Paul is confused. He doesn’t see himself as persecuting God. Paul thinks he is doing God a service, defending his way against the apostate Christians. Saul then asks, “Who are you, Lord?” Saul doesn’t yet know it is Jesus. He seems to understand his vision as a revelation from God. As the account shows, Paul is open to God’s self-revelation, even though he is unaware of his purpose.
The figure standing before Paul shocks him greatly when he answers, “I am Jesus” (9:5). It is not directly stated in this verse that Paul actually sees the risen Christ, but only that he hears his voice. But it is confirmed soon afterwards, when Luke introduces Ananias (9:17) and Barnabas (9:27) into the account. Ananias refers to “Jesus, who appeared to you” (9:17). It’s clearly stated in the versions of this event Paul gives to Agrippa (26:16) and a Jewish crowd (22:14) that he sees Christ.
When the risen Christ tells Paul he has been persecuting him, he is making an important point. Paul is not rejecting human beings, but by his actions, he is rejecting Christ himself (Luke 10:16). In persecuting the church Paul is persecuting the body of which Jesus is the head. [Romans 12:4, 5; 1 Corinthians 12:12-17; Ephesians 5:30; Colossians 1:18.] Christ and his church are one, and he has a tangible presence on earth through his believers.

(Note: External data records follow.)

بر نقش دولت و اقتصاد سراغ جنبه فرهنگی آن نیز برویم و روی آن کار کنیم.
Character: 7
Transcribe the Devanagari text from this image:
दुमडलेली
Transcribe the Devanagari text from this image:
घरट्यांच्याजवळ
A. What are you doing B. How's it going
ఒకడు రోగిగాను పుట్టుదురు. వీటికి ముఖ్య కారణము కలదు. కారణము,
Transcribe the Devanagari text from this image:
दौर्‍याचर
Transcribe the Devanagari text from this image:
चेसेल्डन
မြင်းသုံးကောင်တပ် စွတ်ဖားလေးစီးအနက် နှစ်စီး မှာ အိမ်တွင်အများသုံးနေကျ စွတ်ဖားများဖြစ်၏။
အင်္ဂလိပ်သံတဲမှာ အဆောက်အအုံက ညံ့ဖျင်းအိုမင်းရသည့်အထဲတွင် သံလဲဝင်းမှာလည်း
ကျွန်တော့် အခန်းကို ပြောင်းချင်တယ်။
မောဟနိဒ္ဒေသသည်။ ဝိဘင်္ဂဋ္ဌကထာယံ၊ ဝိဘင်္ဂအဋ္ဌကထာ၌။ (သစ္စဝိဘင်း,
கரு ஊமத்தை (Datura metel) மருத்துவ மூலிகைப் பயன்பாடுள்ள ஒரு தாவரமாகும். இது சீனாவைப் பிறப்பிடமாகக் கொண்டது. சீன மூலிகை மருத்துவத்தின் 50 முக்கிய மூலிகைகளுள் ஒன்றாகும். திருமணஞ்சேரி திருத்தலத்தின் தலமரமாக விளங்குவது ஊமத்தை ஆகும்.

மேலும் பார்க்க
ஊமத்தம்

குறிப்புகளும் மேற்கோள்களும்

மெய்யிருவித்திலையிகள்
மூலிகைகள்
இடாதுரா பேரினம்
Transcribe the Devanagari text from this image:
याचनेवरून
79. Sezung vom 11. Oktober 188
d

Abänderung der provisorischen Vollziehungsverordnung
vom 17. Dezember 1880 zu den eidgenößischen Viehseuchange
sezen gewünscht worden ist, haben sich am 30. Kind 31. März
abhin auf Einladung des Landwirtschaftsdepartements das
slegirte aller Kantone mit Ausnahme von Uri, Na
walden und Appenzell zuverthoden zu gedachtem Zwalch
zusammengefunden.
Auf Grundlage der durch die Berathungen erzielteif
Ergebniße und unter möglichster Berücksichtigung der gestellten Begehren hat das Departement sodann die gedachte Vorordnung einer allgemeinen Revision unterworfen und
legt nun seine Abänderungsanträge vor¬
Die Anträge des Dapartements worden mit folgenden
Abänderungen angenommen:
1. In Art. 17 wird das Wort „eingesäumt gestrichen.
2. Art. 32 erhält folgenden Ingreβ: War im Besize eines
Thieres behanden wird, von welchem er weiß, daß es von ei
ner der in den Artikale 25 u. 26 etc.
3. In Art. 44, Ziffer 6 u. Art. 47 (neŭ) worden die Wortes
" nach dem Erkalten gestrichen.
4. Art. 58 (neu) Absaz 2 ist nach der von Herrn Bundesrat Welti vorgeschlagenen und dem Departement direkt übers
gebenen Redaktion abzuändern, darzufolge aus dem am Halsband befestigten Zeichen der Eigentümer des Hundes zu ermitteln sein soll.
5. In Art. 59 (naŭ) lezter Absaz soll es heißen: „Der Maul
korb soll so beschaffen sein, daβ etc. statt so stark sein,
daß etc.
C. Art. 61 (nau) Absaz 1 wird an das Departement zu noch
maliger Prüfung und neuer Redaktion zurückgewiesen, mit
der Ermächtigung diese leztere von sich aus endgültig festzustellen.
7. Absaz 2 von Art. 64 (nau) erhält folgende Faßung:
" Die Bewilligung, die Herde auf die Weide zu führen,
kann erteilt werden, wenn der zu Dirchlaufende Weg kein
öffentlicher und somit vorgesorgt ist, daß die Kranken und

Paul learns that these Nazarenes — these followers of Jesus whom he despises — are not confused heretics. They, rather than he and the Sanhedrin, are the people of God, and Paul is the one who is confused.
Saul could not escape the fact that the Jesus whose followers he had been persecuting was alive, exalted, and in some manner to be associated with God the Father, whom Israel worshiped. He, therefore, had to revise his whole estimate of the life, teaching, and death of the Nazarene because God had beyond any question vindicated him. Thus he came to agree with the Christians that Jesus’ death on the cross, rather than discrediting him as an imposter, fulfilled prophecy and was really God’s provision for man’s sin and that Jesus’ resurrection confirmed him as being the nation’s Messiah and mankind’s Lord. [Longenecker, 371.]
This Messiah, the glorified Christ, has now appeared to Paul himself. Paul later stresses the importance of this revelation. He sees the risen and glorified Christ, and this is as real as Christ’s appearances to his disciples after the resurrection. [1 Corinthians 9:1; 15:8-9; Galatians 1:11-12, 15-17.] It is a proof of Paul’s apostleship and of his witness to Christ and the gospel.